Anna didn’t just lose a husband that day 60 years before she met Jesus. She lost part of herself. She lost her wholeness. Part of her identity was wrapped up in her husband. Part of her personality. Part of her self worth.
I’m guessing we don’t have anyone here who’s experienced 60 years of loss like that. But I’m guessing there are people here who lost some of their wholeness. People here who have experienced loss. People here who have had someone abandon them. Maybe you don’t have that kind of loss in your life. Maybe the people in your life didn’t abandon you, maybe they just diminished you. They hurt you, demeaned you, put work ahead of you. Maybe you don’t have that kind of hurt either. You would just like to be the most complete version of yourself. I’d actually be surprised if that wasn’t part of your story.
Life of a Widow
As I was working on this post, I was trying to figure out a way to make it apply to everyone. The story of Anna isn’t going to make it into theaters, and probably wouldn’t even make it to the Lifetime channel; maybe the Hallmark Channel after they stop running 25 consecutive days of romantic comedies. Guys, how many of you have a wife who watches those Hallmark Christmas movies? I have to admit that I have watched “A Boyfriend for Christmas.” If you are wondering how the story of an 84 year-old woman can make a difference in your life then your attitude is the same attitude as most people had toward widows in Jesus day.
The life of a widow in first century Israel was a difficult one. Our first thought when hearing that someone is a widow is the emotional loss. The pain of that kind of loss is devastating, especially at age 24. All of her hopes and dreams were tied up in this man. No husband to come home to. No kids to care for. No one to dry her tears. When the Bible describes widows it most often does so with these words: “Weeping,” “mourning,” “desolation.” Anna had some deep hurt. That is obvious. What is not so obvious are the other kinds of loss a widow would feel. A childless widow in first century Israel were considered at the bottom rung of social status. Their status would be similar to an orphan or landless immigrant. Perhaps the most devastating issue in becoming a widow was the economic loss. A widow had no legal rights to her husband’s land. My friend Betty owns her own home and a Cadillac. Anna was not allowed to be a property owner. If she had a son she could try to keep the land until he was old enough to become the caretaker of the land, but she herself could not keep the property. Two other words common in the Bible to describe widows were “poverty” and “indebtedness.” Let me read you a passage that gives a window into the life of a widow. So here’s Anna’s standing in her society as I see it:
- She had no husband
- She had no children
- She had no money
- She had no status
- She had no land
- She had little food
So far this post is living up to low expectations. Let me see if I can change gears.
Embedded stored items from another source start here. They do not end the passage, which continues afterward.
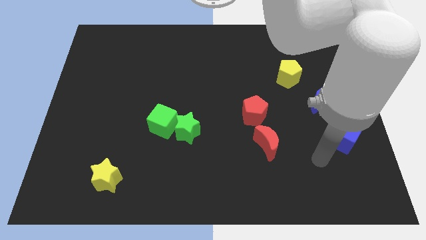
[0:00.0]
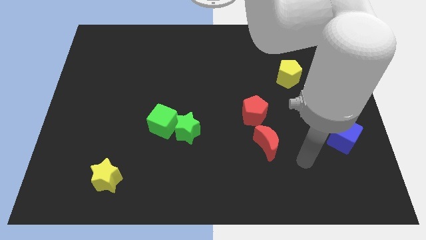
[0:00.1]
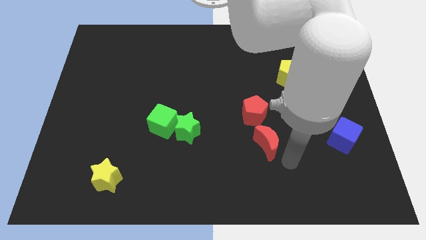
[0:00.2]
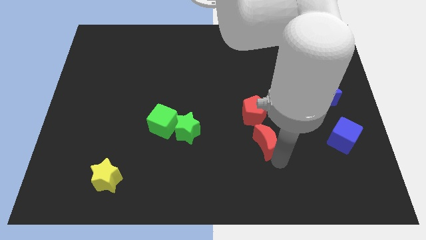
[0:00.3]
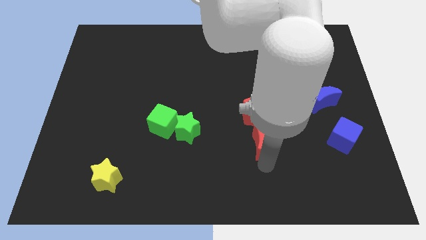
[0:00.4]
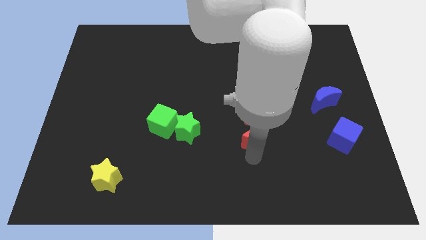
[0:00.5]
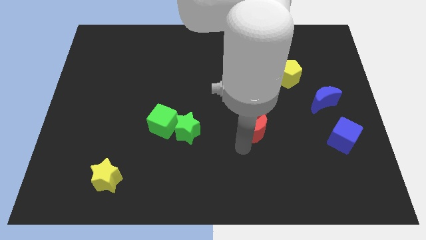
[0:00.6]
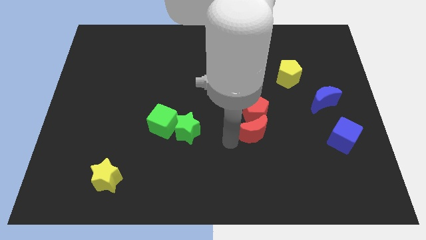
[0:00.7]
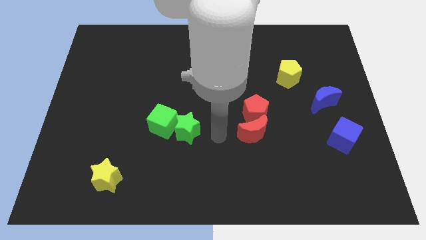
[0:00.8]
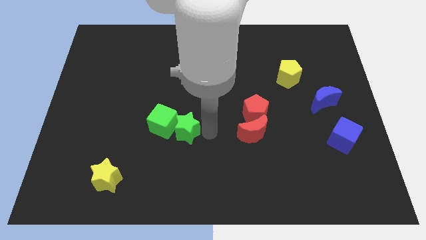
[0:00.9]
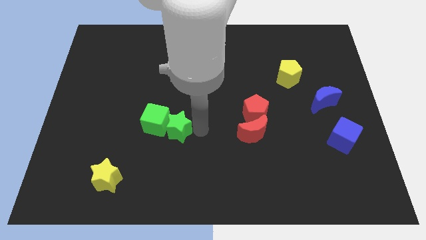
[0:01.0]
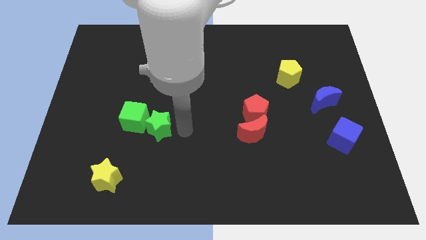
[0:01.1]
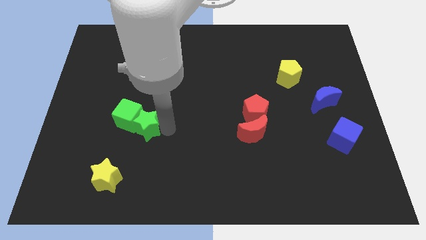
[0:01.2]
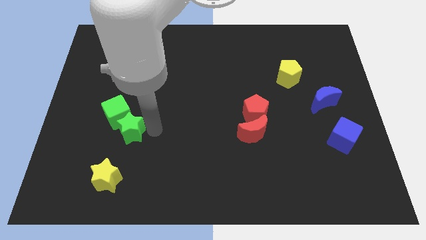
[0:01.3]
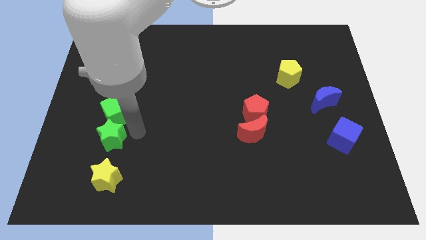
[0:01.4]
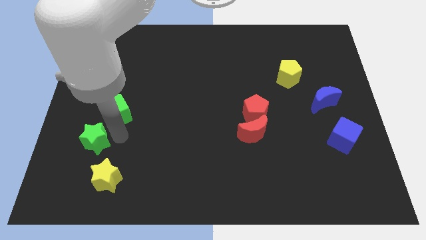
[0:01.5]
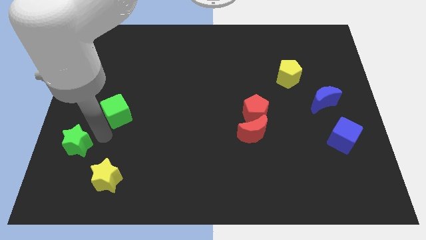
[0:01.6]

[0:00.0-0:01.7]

I have a book in my library; It’s called Seeking Solid Ground by John Trent and Rick Hicks. You’ve probably never heard of it but it did sell 40,000 copies which is pretty good. The average sales for a typical book published by a known publisher is around 3-4,000. So this book sold ten times more than average. Here’s the reason why I own the book: It was a gift from the author, who is a friend of mine, and I’m in the book and so is my wife, Jilane. We’re practically famous. Even though my name has been changed and no one knows it’s me and the story told about me isn’t actually all that positive, it just feels cool to be mentioned.
To be mentioned in a book or a magazine or a trade journal is honoring. It feels pretty good. It makes it feel like you’ve accomplished something. That you are worthy.
Anna was just a widow. She was poor. She had no social standing. But she did have this going for her: She is mentioned in the number one bestseller of all time. Not only that, she is mentioned in the greatest story every told in the number one best seller or all time. Every year when the Christmas story is read her name is read. Why is that? Anna had a few characteristics that we can learn from that put her in the book. Anna was not a brokenhearted widow; she was a wholehearted person which is something I think we all want to be.
Never Stop Showing Up
We don’t know much about Anna from her story in the Bible but there is something that we do know about her that made her a wholehearted person and that gave her a place in the greatest story of all time:
She never left the temple but worshiped night and day.—Luke 2:37
That line, “she never left,” means one of two things: It could mean she was always at church. She did set up and put the donut holes out and made the coffee and taught Sunday school or it means that she actually had an apartment on the church grounds. Either way, this can be said of Anna’s character: she never stopped showing up. I don’t want to make this point all about showing up to church, although that is what Anna did. Let’s broaden this topic to showing up where it’s important: Showing up in your marriage. Showing up with your kids. Showing up in your friends lives. This is how we make a legacy in our relationships. We just keep showing up.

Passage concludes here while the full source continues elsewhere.